Problem
When using the Simba Spark ODBC Driver to access Databricks tables containing special characters (such as Swedish characters Å, Ä, and Ö) from external applications like SAS, the special characters do not display correctly in the external application. Instead, special characters appear as junk characters.
Cause
The encoding used in Databricks, UTF-8, differs from the encoding used in the external application, ISO 8859-15/latin9. The Simba Spark ODBC Driver does not automatically transcode the characters from UTF-8 to ISO 8859-15/latin9, resulting in junk characters appearing in the external application.
Solution
Set the environment variable SIMBA_APP_ANSI_ENCODING
to ISO-8859-15
before starting the Simba Spark ODBC Driver. This variable instructs the driver to transcode the characters from UTF-8 to ISO 8859-15/latin9, ensuring that the special characters display correctly in the external application.

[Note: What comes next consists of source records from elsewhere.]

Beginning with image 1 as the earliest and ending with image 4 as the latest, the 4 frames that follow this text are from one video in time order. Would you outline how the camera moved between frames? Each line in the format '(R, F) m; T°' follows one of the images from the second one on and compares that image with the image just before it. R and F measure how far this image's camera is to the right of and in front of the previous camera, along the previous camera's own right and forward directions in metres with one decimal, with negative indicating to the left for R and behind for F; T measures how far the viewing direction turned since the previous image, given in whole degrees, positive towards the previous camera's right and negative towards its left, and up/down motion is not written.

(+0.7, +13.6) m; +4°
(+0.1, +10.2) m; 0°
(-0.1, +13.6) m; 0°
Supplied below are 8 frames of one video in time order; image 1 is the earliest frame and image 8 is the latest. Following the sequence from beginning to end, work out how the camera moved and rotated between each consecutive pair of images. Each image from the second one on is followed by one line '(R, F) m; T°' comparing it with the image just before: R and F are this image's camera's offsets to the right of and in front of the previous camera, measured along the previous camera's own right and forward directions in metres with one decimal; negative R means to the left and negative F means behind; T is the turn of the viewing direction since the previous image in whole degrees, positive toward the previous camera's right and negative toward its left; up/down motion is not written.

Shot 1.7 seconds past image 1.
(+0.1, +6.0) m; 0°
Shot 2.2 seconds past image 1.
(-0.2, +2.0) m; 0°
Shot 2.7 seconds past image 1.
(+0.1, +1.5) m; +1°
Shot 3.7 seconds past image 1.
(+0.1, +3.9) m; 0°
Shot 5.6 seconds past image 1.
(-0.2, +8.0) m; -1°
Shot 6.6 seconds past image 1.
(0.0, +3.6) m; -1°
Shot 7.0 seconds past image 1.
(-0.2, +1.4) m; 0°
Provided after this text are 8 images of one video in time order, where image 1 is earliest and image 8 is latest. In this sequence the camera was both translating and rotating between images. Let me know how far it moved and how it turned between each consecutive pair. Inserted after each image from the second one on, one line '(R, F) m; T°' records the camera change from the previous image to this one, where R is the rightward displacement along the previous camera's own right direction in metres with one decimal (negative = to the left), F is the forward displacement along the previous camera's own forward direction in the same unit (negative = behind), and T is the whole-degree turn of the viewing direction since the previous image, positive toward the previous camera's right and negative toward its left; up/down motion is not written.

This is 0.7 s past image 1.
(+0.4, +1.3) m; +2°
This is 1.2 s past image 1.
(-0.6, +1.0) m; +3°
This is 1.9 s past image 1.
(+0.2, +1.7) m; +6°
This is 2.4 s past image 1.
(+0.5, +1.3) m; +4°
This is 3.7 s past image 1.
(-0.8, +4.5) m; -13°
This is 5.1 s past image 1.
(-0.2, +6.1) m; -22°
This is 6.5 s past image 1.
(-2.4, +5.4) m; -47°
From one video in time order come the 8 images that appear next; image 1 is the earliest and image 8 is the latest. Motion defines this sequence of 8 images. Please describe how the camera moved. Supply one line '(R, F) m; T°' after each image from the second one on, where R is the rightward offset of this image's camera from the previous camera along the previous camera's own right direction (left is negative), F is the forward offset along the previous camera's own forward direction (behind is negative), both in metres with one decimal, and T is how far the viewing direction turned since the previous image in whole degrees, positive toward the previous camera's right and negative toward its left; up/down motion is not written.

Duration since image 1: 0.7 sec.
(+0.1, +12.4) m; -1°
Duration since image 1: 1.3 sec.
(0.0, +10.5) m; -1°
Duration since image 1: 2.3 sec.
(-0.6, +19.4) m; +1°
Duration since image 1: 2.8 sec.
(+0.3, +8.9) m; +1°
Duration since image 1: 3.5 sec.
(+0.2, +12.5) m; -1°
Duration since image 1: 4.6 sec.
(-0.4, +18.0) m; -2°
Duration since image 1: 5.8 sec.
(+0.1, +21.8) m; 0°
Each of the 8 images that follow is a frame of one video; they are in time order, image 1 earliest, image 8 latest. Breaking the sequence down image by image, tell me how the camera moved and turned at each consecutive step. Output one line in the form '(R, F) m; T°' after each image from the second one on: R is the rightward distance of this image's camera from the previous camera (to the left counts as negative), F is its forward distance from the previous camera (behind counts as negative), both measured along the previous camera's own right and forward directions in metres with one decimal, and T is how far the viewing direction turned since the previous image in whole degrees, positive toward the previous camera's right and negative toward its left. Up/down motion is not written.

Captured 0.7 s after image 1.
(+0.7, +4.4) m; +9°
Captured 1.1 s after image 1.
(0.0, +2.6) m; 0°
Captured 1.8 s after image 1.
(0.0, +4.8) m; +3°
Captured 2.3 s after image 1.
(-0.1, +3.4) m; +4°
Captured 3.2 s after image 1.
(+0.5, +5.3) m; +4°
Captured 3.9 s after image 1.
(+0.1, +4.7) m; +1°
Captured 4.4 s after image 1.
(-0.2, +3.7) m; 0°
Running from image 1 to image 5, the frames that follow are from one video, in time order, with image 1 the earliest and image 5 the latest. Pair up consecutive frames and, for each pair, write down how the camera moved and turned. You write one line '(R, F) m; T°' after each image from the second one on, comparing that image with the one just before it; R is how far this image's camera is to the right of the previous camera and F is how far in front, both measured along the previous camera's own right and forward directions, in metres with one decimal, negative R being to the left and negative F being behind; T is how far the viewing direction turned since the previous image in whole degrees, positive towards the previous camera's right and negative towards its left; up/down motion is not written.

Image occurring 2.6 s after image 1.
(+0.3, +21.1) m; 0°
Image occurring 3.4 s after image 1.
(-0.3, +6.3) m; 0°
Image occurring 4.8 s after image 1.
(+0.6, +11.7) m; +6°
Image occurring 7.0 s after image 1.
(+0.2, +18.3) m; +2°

Follow these steps to set the environment variable and configure the Simba Spark ODBC Driver.
1. Open the ODBC Data Source Administrator (64-bit) on the machine where the Simba Spark ODBC Driver is installed.
2. Navigate to the System DSN tab and select the Databricks DSN.
3. Click Configure to open the Simba Spark ODBC Driver configuration window.
4. Go to the Advanced options tab.
5. In the Environment variables section, add a new variable with the name SIMBA_APP_ANSI_ENCODING
and set its value to ISO-8859-15
.
6. Click OK to save the changes and close the configuration window.
7. Test the connection to confirm that the special characters now display correctly in the external application.